§ Assigned task: When you write out the listing, keep every character and omit the pictures.

▼

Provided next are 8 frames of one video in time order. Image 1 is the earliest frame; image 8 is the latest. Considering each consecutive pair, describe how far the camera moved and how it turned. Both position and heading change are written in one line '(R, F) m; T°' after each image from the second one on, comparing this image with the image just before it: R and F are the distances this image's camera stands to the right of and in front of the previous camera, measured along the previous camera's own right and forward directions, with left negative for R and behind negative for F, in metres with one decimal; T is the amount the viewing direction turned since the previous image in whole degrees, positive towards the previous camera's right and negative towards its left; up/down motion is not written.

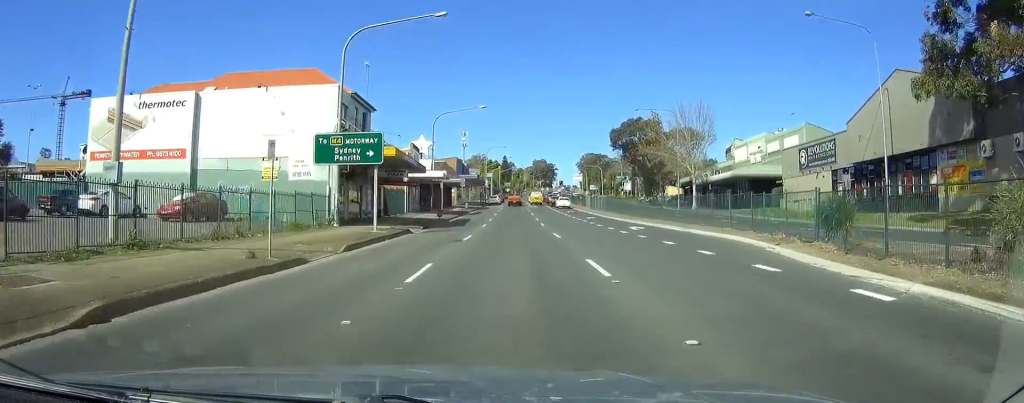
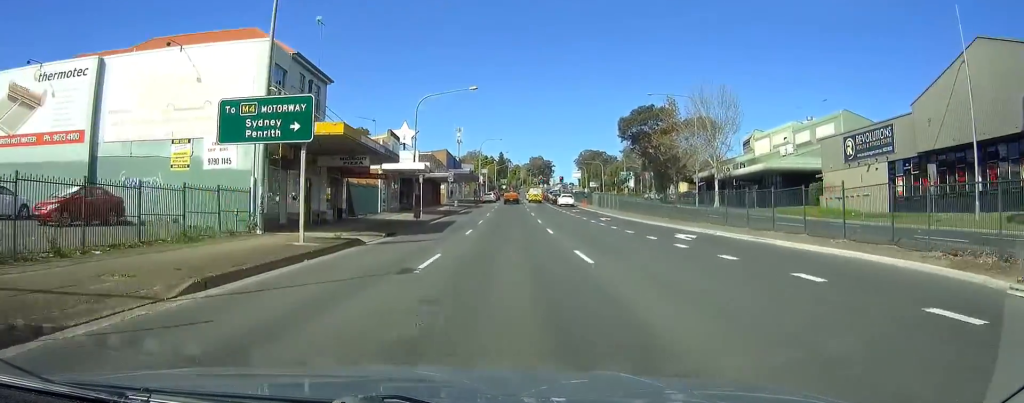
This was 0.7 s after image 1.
(+0.1, +10.3) m; 0°
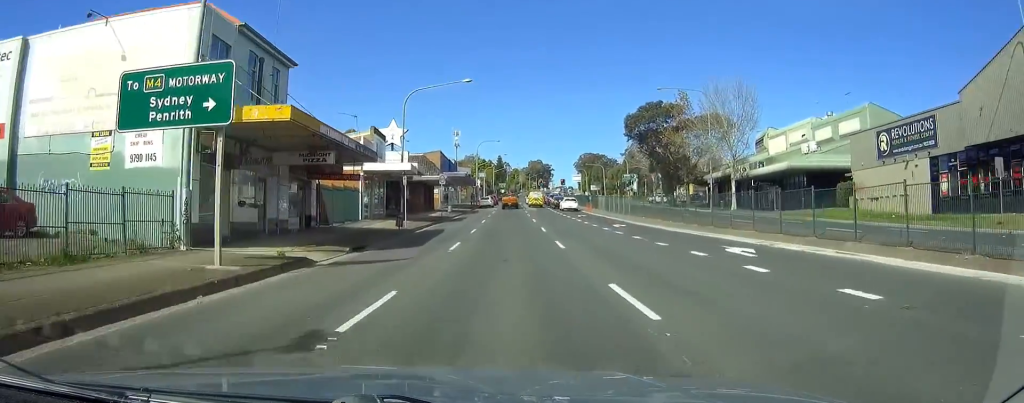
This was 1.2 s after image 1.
(0.0, +5.5) m; 0°
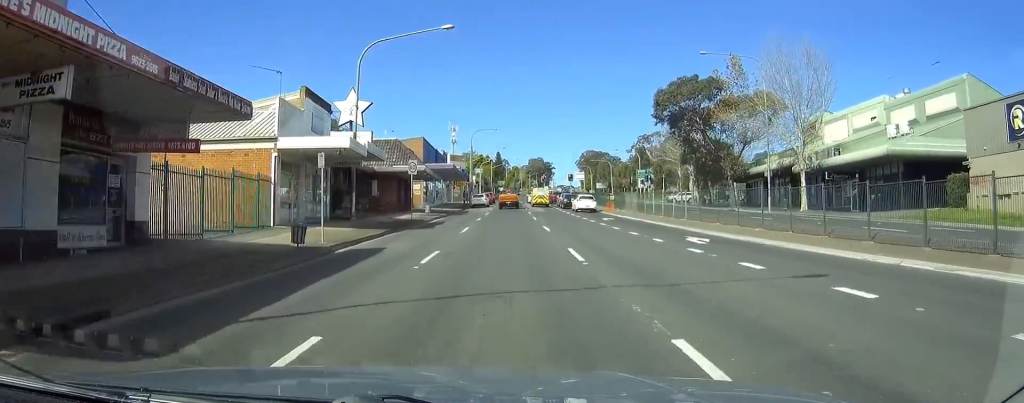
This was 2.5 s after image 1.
(0.0, +16.2) m; -1°
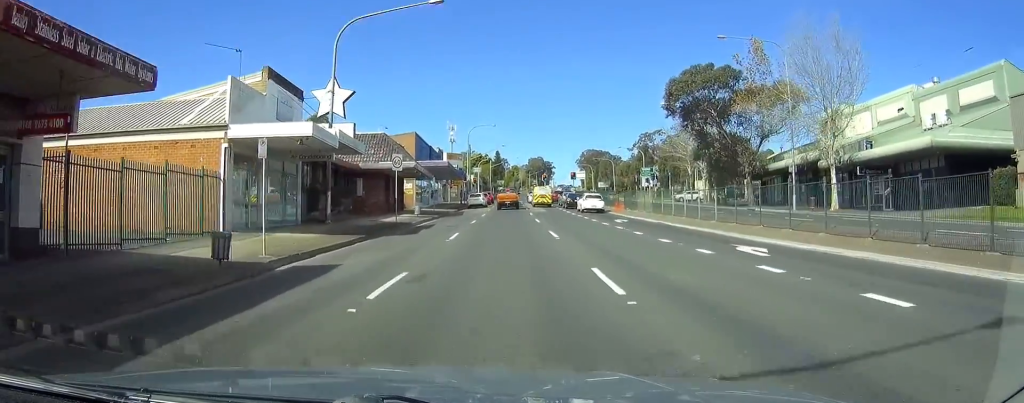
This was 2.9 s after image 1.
(-0.1, +4.5) m; 0°
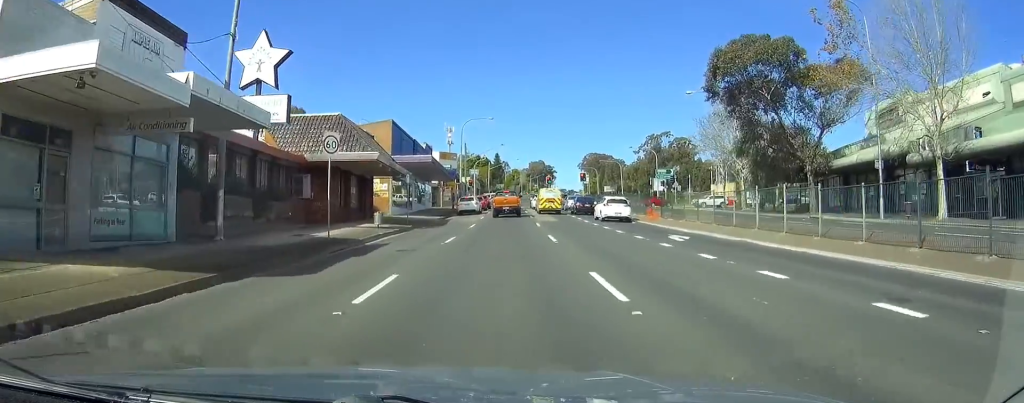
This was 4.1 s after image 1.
(-0.1, +12.3) m; 0°
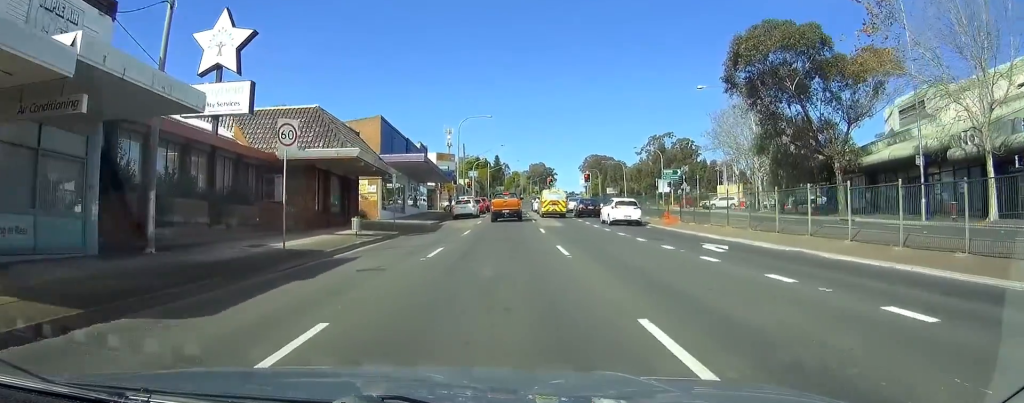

▲

§ Task output:
Provided next are 8 frames of one video in time order. Image 1 is the earliest frame; image 8 is the latest. Considering each consecutive pair, describe how far the camera moved and how it turned. Both position and heading change are written in one line '(R, F) m; T°' after each image from the second one on, comparing this image with the image just before it: R and F are the distances this image's camera stands to the right of and in front of the previous camera, measured along the previous camera's own right and forward directions, with left negative for R and behind negative for F, in metres with one decimal; T is the amount the viewing direction turned since the previous image in whole degrees, positive towards the previous camera's right and negative towards its left; up/down motion is not written.

This was 0.7 s after image 1.
(+0.1, +10.3) m; 0°
This was 1.2 s after image 1.
(0.0, +5.5) m; 0°
This was 2.5 s after image 1.
(0.0, +16.2) m; -1°
This was 2.9 s after image 1.
(-0.1, +4.5) m; 0°
This was 4.1 s after image 1.
(-0.1, +12.3) m; 0°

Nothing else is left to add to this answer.